We point out that $P(X_n=n-1)=0$. It is impossible to have exactly $n-1$ matches while the remaining card is not a match. This can also be verified by looking at the probability density function. On the other hand, $\displaystyle P(X_n=n)=\frac{1}{n!}$. There is only one permutation out of $n!$ many where all the cards are matches.

Poisson Distribution
We compare the probability density functions $P(X_{10}=k)$, $P(X_{20}=k)$ $P(X_{150}=k)$ and the Poisson desnity function with parameter $\lambda=1$. The following matrix shows the results (rounded to eight decimal places).

$\displaystyle \begin{pmatrix} \text{k}&P(X_{10}=k)&P(X_{20}=k)&P(X_{150}=k)&\displaystyle \frac{e^{-1}}{k!} \\{\text{ }}&\text{ }&\text{ } \\{0}&0.36787946&0.36787944&0.36787944&0.36787944 \\{1}&0.36787919&0.36787944&0.36787944&0.36787944 \\{2}&0.18394097&0.18393972&0.18393972&0.18393972 \\{3}&0.06130952&0.06131324&0.06131324&0.06131324 \\{4}&0.01533565&0.01532831&0.01532831&0.01532831 \\{5}&0.00305556&0.00306566&0.00306566&0.00306566 \\{6}&0.00052083&0.00051094&0.00051094&0.00051094 \\{7}&0.00006614&0.00007299&0.00007299&0.00007299 \\{8}&0.00001240&0.00000912&0.00000912&0.00000912 \\{9}&0&0.00000101&0.00000101&0.00000101 \\{10}&0.00000028&0.00000010&0.00000010&0.00000010 \\{\text{ }}&\text{ }&\text{ } \\{\text{Total}}&1.000000&0.99999997&0.99999997&0.99999997\end{pmatrix}$

There is remarkable agreement among the density functions arising from the match problems with the Poisson distribution.
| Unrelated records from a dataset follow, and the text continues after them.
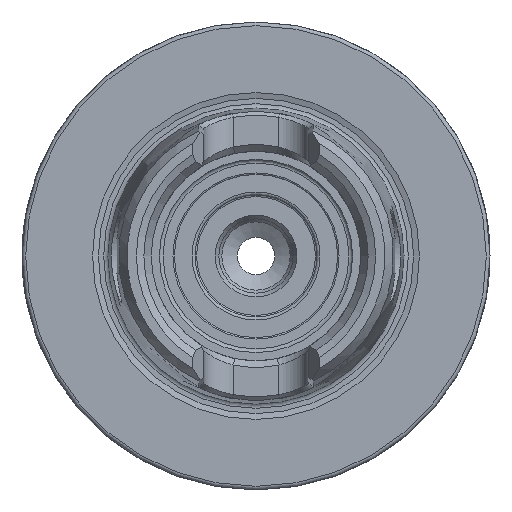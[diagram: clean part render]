
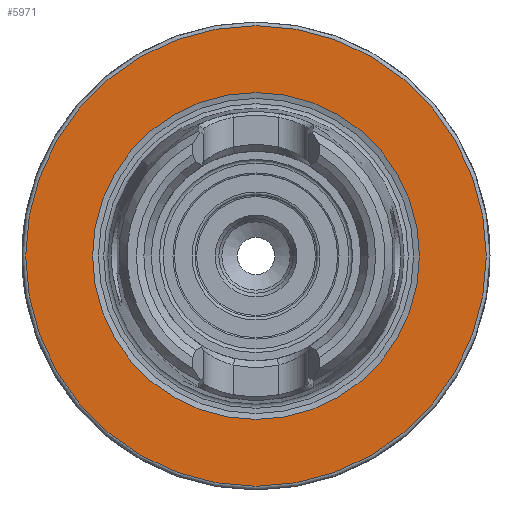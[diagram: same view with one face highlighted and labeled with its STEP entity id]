
A CAD part, left-side view. The second image highlights one B-rep face of the part: STEP entity #5971.
In plain terms, the highlighted planar face has unit normal (-1, 0, 0).
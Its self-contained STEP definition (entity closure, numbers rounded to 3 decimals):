
#5937=CARTESIAN_POINT('',(0.0,22.,0.0));
#5938=VERTEX_POINT('',#5937);
#5939=CARTESIAN_POINT('',(0.0,0.,0.0));
#5940=DIRECTION('',(1.0,0.0,0.0));
#5941=DIRECTION('',(0.0,1.0,0.0));
#5942=AXIS2_PLACEMENT_3D('',#5939,#5940,#5941);
#5943=CIRCLE('',#5942,22.);
#5944=EDGE_CURVE('',#5938,#5938,#5943,.T.);
#5952=CARTESIAN_POINT('',(0.0,26.5,0.0));
#5953=DIRECTION('',(-1.0,0.0,0.0));
#5954=DIRECTION('',(0.0,0.0,1.0));
#5955=AXIS2_PLACEMENT_3D('',#5952,#5953,#5954);
#5956=PLANE('',#5955);
#5957=CARTESIAN_POINT('',(0.0,31.,0.0));
#5958=VERTEX_POINT('',#5957);
#5959=CARTESIAN_POINT('',(0.0,0.,0.0));
#5960=DIRECTION('',(1.0,0.0,0.0));
#5961=DIRECTION('',(0.0,1.0,0.0));
#5962=AXIS2_PLACEMENT_3D('',#5959,#5960,#5961);
#5963=CIRCLE('',#5962,31.);
#5964=EDGE_CURVE('',#5958,#5958,#5963,.T.);
#5965=ORIENTED_EDGE('',*,*,#5964,.F.);
#5966=EDGE_LOOP('',(#5965));
#5967=FACE_OUTER_BOUND('',#5966,.T.);
#5968=ORIENTED_EDGE('',*,*,#5944,.T.);
#5969=EDGE_LOOP('',(#5968));
#5970=FACE_BOUND('',#5969,.T.);
#5971=ADVANCED_FACE('',(#5967,#5970),#5956,.T.);

The density function $P(X_n=k)$ converges to the Poisson distribution with parameter $\lambda=1$ and the convergence occurs rapidly.

The probability of having exactly $k$ matches in $(3)$ above converges to $\displaystyle \frac{e^{-1}}{k!}$, which is the Poisson distribution with parameter $\lambda=1$.
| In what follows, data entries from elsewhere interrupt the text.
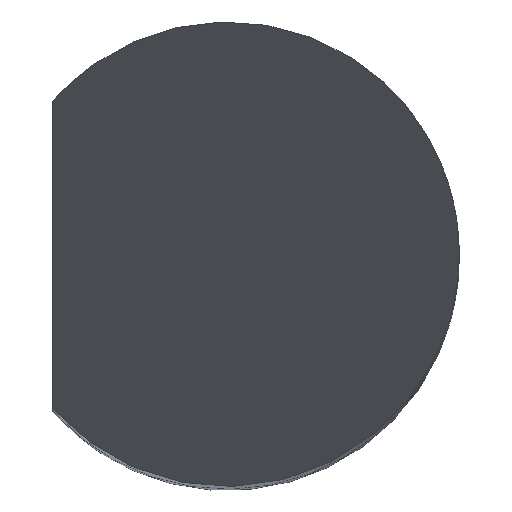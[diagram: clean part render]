
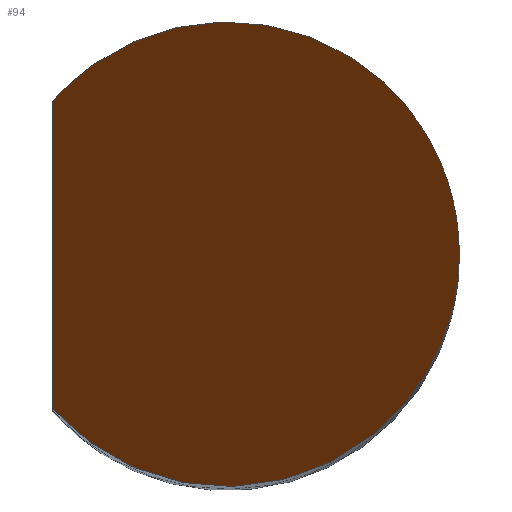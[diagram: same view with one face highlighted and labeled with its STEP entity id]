
A CAD part, top view. The second image highlights one B-rep face of the part: STEP entity #94.
In plain terms, the highlighted planar face has unit normal (-0.866, 0, 0.5).
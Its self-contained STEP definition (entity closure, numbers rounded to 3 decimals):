
#33=ELLIPSE('',#482,4.,2.);
#94=ADVANCED_FACE('',(#132),#115,.F.);
#115=PLANE('',#483);
#132=FACE_OUTER_BOUND('',#158,.T.);
#158=EDGE_LOOP('',(#225,#226));
#225=ORIENTED_EDGE('',*,*,#360,.T.);
#226=ORIENTED_EDGE('',*,*,#361,.F.);
#317=VERTEX_POINT('',#767);
#318=VERTEX_POINT('',#768);
#360=EDGE_CURVE('',#317,#318,#33,.T.);
#361=EDGE_CURVE('',#317,#318,#404,.T.);
#404=LINE('',#769,#426);
#426=VECTOR('',#551,1.);
#482=AXIS2_PLACEMENT_3D('',#766,#549,#550);
#483=AXIS2_PLACEMENT_3D('',#770,#552,#553);
#549=DIRECTION('',(-0.866,0.,0.5));
#550=DIRECTION('',(-0.5,0.,-0.866));
#551=DIRECTION('',(0.,1.,0.));
#552=DIRECTION('',(0.866,0.,-0.5));
#553=DIRECTION('',(-0.5,0.,-0.866));
#766=CARTESIAN_POINT('',(0.,0.,11.76));
#767=CARTESIAN_POINT('',(-1.5,-1.323,9.162));
#768=CARTESIAN_POINT('',(-1.5,1.323,9.162));
#769=CARTESIAN_POINT('',(-1.5,-1.323,9.162));
#770=CARTESIAN_POINT('',(2.,-2.4,15.224));
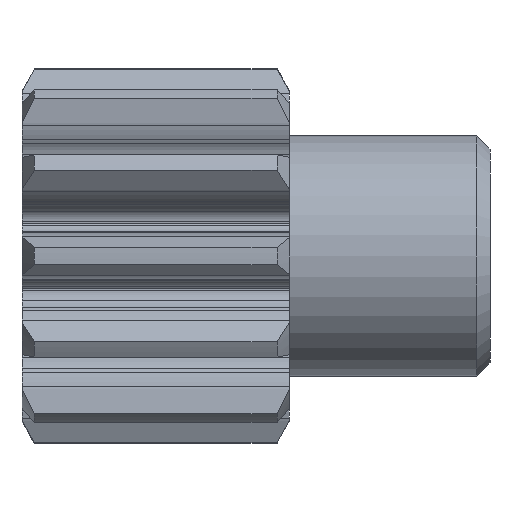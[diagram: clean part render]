
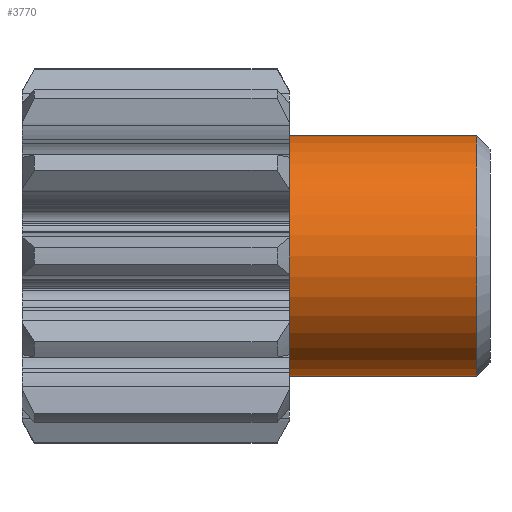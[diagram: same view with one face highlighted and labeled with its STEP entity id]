
A CAD part, front view. The second image highlights one B-rep face of the part: STEP entity #3770.
In plain terms, the highlighted cylindrical face has radius 9 mm (diameter 18 mm), a full revolution.
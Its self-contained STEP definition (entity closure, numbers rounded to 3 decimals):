
#34=CYLINDRICAL_SURFACE('',#4344,9.);
#215=VECTOR('',#5316,1.);
#399=LINE('',#6861,#215);
#903=VERTEX_POINT('',#6524);
#1064=VERTEX_POINT('',#6862);
#1065=VERTEX_POINT('',#6864);
#1276=CIRCLE('',#4181,9.);
#1437=CIRCLE('',#4345,9.);
#1700=EDGE_CURVE('',#903,#903,#1276,.T.);
#1874=EDGE_CURVE('',#1064,#903,#399,.T.);
#1875=EDGE_CURVE('',#1065,#1064,#1437,.T.);
#1876=EDGE_CURVE('',#1064,#1065,#1437,.T.);
#2522=ORIENTED_EDGE('',*,*,#1874,.T.);
#2523=ORIENTED_EDGE('',*,*,#1700,.T.);
#2524=ORIENTED_EDGE('',*,*,#1874,.F.);
#2525=ORIENTED_EDGE('',*,*,#1875,.F.);
#2526=ORIENTED_EDGE('',*,*,#1876,.F.);
#3344=EDGE_LOOP('',(#2522,#2523,#2524,#2525,#2526));
#3558=FACE_BOUND('',#3344,.T.);
#3770=ADVANCED_FACE('',(#3558),#34,.T.);
#4181=AXIS2_PLACEMENT_3D('',#6523,#4987,#4988);
#4344=AXIS2_PLACEMENT_3D('',#6860,#5314,#5315);
#4345=AXIS2_PLACEMENT_3D('',#6863,#5317,#5318);
#4987=DIRECTION('',(1.,0.,0.));
#4988=DIRECTION('',(0.,0.,-9.));
#5314=DIRECTION('',(1.,0.,0.));
#5315=DIRECTION('',(0.,0.,-9.));
#5316=DIRECTION('',(-1.,0.,0.));
#5317=DIRECTION('',(1.,0.,0.));
#5318=DIRECTION('',(0.,0.,-9.));
#6523=CARTESIAN_POINT('',(20.,0.,0.));
#6524=CARTESIAN_POINT('',(20.,0.,-9.));
#6860=CARTESIAN_POINT('',(35.,0.,0.));
#6861=CARTESIAN_POINT('',(19.,0.,-9.));
#6862=CARTESIAN_POINT('',(34.,0.,-9.));
#6863=CARTESIAN_POINT('',(34.,0.,0.));
#6864=CARTESIAN_POINT('',(34.,0.,9.));

The probability of no matches among the $n$ cards in $(2)$ above is the Taylor expansion of $e^{-1}$. Thus the probability of no matches in a shuffled deck of $n$ cards when $n$ is large is about $0.3678794412$ and the probability of at least one match is approximately $0.6321205588$. As the above example shows, the convergence occurs fairly rapidly.

The Moments
Since $P(X_n=k)$ converges to the Poisson distribution with parameter $\lambda=1$, we might guess that the mean and variance of $X_n$ approach $\lambda=1$. We now show that $E(X_n)=1$ and $Var(X_n)=1$ regardless of $n$.
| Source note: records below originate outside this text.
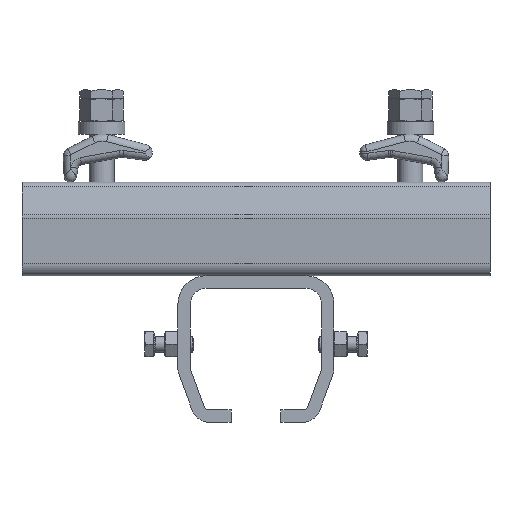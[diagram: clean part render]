
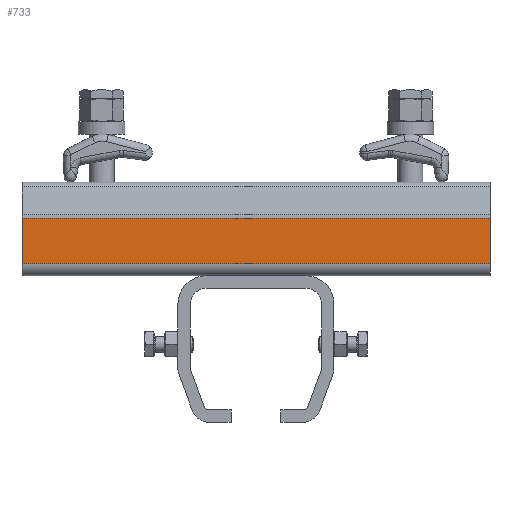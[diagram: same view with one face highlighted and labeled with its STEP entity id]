
A CAD part, left-side view. The second image highlights one B-rep face of the part: STEP entity #733.
In plain terms, the highlighted planar face has unit normal (-1, 0, 0).
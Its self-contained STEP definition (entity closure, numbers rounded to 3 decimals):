
#733=ADVANCED_FACE('NONE',(#1431),#1432,.T.);
#1431=FACE_OUTER_BOUND('',#2375,.T.);
#1432=PLANE('',#2376);
#2375=EDGE_LOOP('',(#4944,#4945,#4946,#4947));
#2376=AXIS2_PLACEMENT_3D('',#4948,#4949,#4950);
#4944=ORIENTED_EDGE('',*,*,#6759,.F.);
#4945=ORIENTED_EDGE('',*,*,#6760,.F.);
#4946=ORIENTED_EDGE('',*,*,#6761,.T.);
#4947=ORIENTED_EDGE('',*,*,#6762,.T.);
#4948=CARTESIAN_POINT('',(-32.5,23.263,-300.));
#4949=DIRECTION('',(-1.,0.,0.));
#4950=DIRECTION('',(0.,0.,1.));
#6759=EDGE_CURVE('NONE',#7741,#7742,#7743,.T.);
#6760=EDGE_CURVE('NONE',#7744,#7741,#7745,.T.);
#6761=EDGE_CURVE('NONE',#7744,#7746,#7747,.T.);
#6762=EDGE_CURVE('NONE',#7746,#7742,#7748,.T.);
#7741=VERTEX_POINT('NONE',#9366);
#7742=VERTEX_POINT('NONE',#9367);
#7743=LINE('',#9368,#9369);
#7744=VERTEX_POINT('NONE',#9370);
#7745=LINE('',#9371,#9372);
#7746=VERTEX_POINT('NONE',#9373);
#7747=LINE('',#9374,#9375);
#7748=LINE('',#9376,#9377);
#9366=CARTESIAN_POINT('',(-32.5,52.4,0.));
#9367=CARTESIAN_POINT('',(-32.5,23.263,0.));
#9368=CARTESIAN_POINT('',(-32.5,23.263,0.));
#9369=VECTOR('',#10984,1.);
#9370=CARTESIAN_POINT('',(-32.5,52.4,-300.));
#9371=CARTESIAN_POINT('',(-32.5,52.4,-300.));
#9372=VECTOR('',#10985,1.);
#9373=CARTESIAN_POINT('',(-32.5,23.263,-300.));
#9374=CARTESIAN_POINT('',(-32.5,23.263,-300.));
#9375=VECTOR('',#10986,1.);
#9376=CARTESIAN_POINT('',(-32.5,23.263,-300.));
#9377=VECTOR('',#10987,1.);
#10984=DIRECTION('',(0.,-1.,0.));
#10985=DIRECTION('',(0.,0.,1.));
#10986=DIRECTION('',(0.,-1.,0.));
#10987=DIRECTION('',(0.,0.,1.));
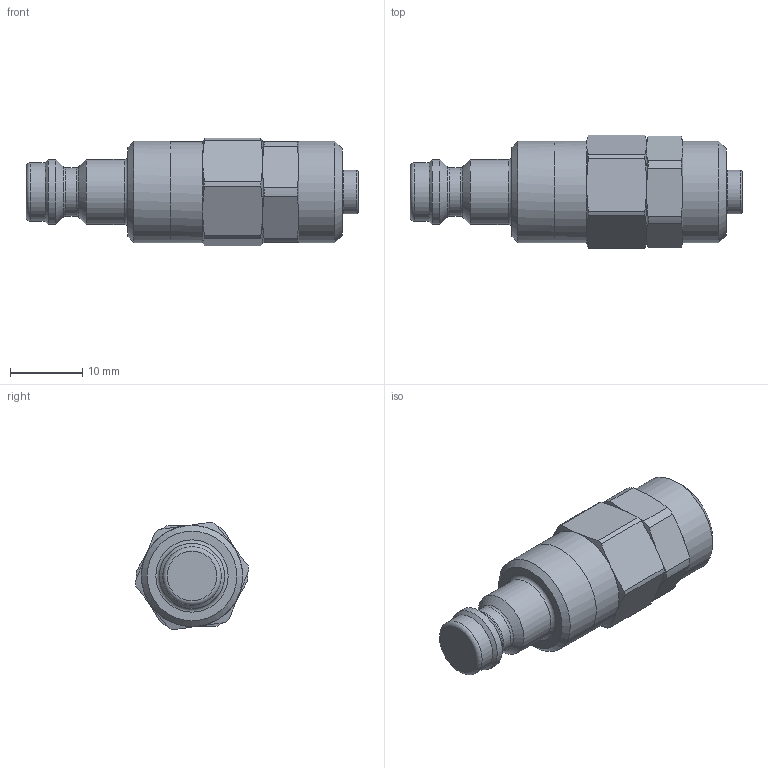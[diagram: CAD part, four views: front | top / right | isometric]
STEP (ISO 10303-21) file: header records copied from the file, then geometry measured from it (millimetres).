
FILE_DESCRIPTION((''),'2;1');
FILE_NAME('21slko08mpx.stp','2015-01-13T13:14:06',('SSC01480'),(''),'Autodesk Inventor 2013','Autodesk Inventor 2013','');
FILE_SCHEMA(('AUTOMOTIVE_DESIGN { 1 0 10303 214 1 1 1 1 }'));
Length unit declared in the file: millimetre
Products named in the file (1): D113147
Bounding box: 45.95 x 15.73 x 14.88 mm (x, y, z)
Volume: 4347.8 mm3; surface area: 4162.3 mm2
Topology: 1 solids, 3 shells, 106 faces, 231 edges, 135 vertices
Faces by surface type: cone 41, cylinder 33, plane 22, torus 10
Full cylindrical faces by diameter (mm): 5.286 x1, 5.5 x1, 6.05 x1, 6.65 x1, 6.7 x1, 7.2 x1, 8.1 x1, 8.25 x1, 9 x2, 9.5 x1, 10.45 x1, 10.6 x1, 11 x1, 11.153 x1, 11.98 x1, 12 x2, 14 x3
Entity records: 2671 total; most frequent: CARTESIAN_POINT 509, DIRECTION 448, ORIENTED_EDGE 354, AXIS2_PLACEMENT_3D 212, EDGE_CURVE 177, EDGE_LOOP 162, VERTEX_POINT 129, FACE_OUTER_BOUND 106

Recall that $X_n=I_1+I_2+ \cdots +I_n$ where for each $j=1,2, \cdots, n$, $I_j$ is an indicator variable:

$\displaystyle I_j=\left\{\begin{matrix}1&\thinspace Y_j=j \ \ \ \text{(} j^{th} \text{card is a match)}\\{0}&\thinspace Y_j \neq j \ \ \ \text{(} j^{th} \text{card is not a match)}\end{matrix}\right.$

We claim that for all $j=1,2, \cdots, n$, $\displaystyle P(I_j=1)=\frac{1}{n}$ and for all $i, $\displaystyle P(I_i=1,I_j=1)=\frac{1}{n(n-1)}$. To see this, the event $(I_j=1)$ is the event $A_j$ defined in the derivation of the probability density function of $X_n$. We have $\lvert A_j \vert=(n-1)!$. Thus the probability that the $j^{th}$ card is a match is:

$\displaystyle P(I_j=1)=\frac{(n-1)!}{n!}=\frac{1}{n}$

The event $(I_i=1, I_j=1)$ is the event $A_i \cap A_j$ defined in the derivation of the probability density function of $X_n$. We have $\lvert A_i \cap A_j \vert=(n-2)!$. Thus the probability that both the $i^{th}$ card and the $j^{th}$ card are matches is:

$\displaystyle P(I_i=1,I_j=1)=\frac{(n-2)!}{n!}=\frac{1}{n(n-1)}$

It follows that for all $j=1,2, \cdots, n$, $I_j$ has the Bernoulli distribution with probability of success $\displaystyle P(I_j=1)=\frac{1}{n}$.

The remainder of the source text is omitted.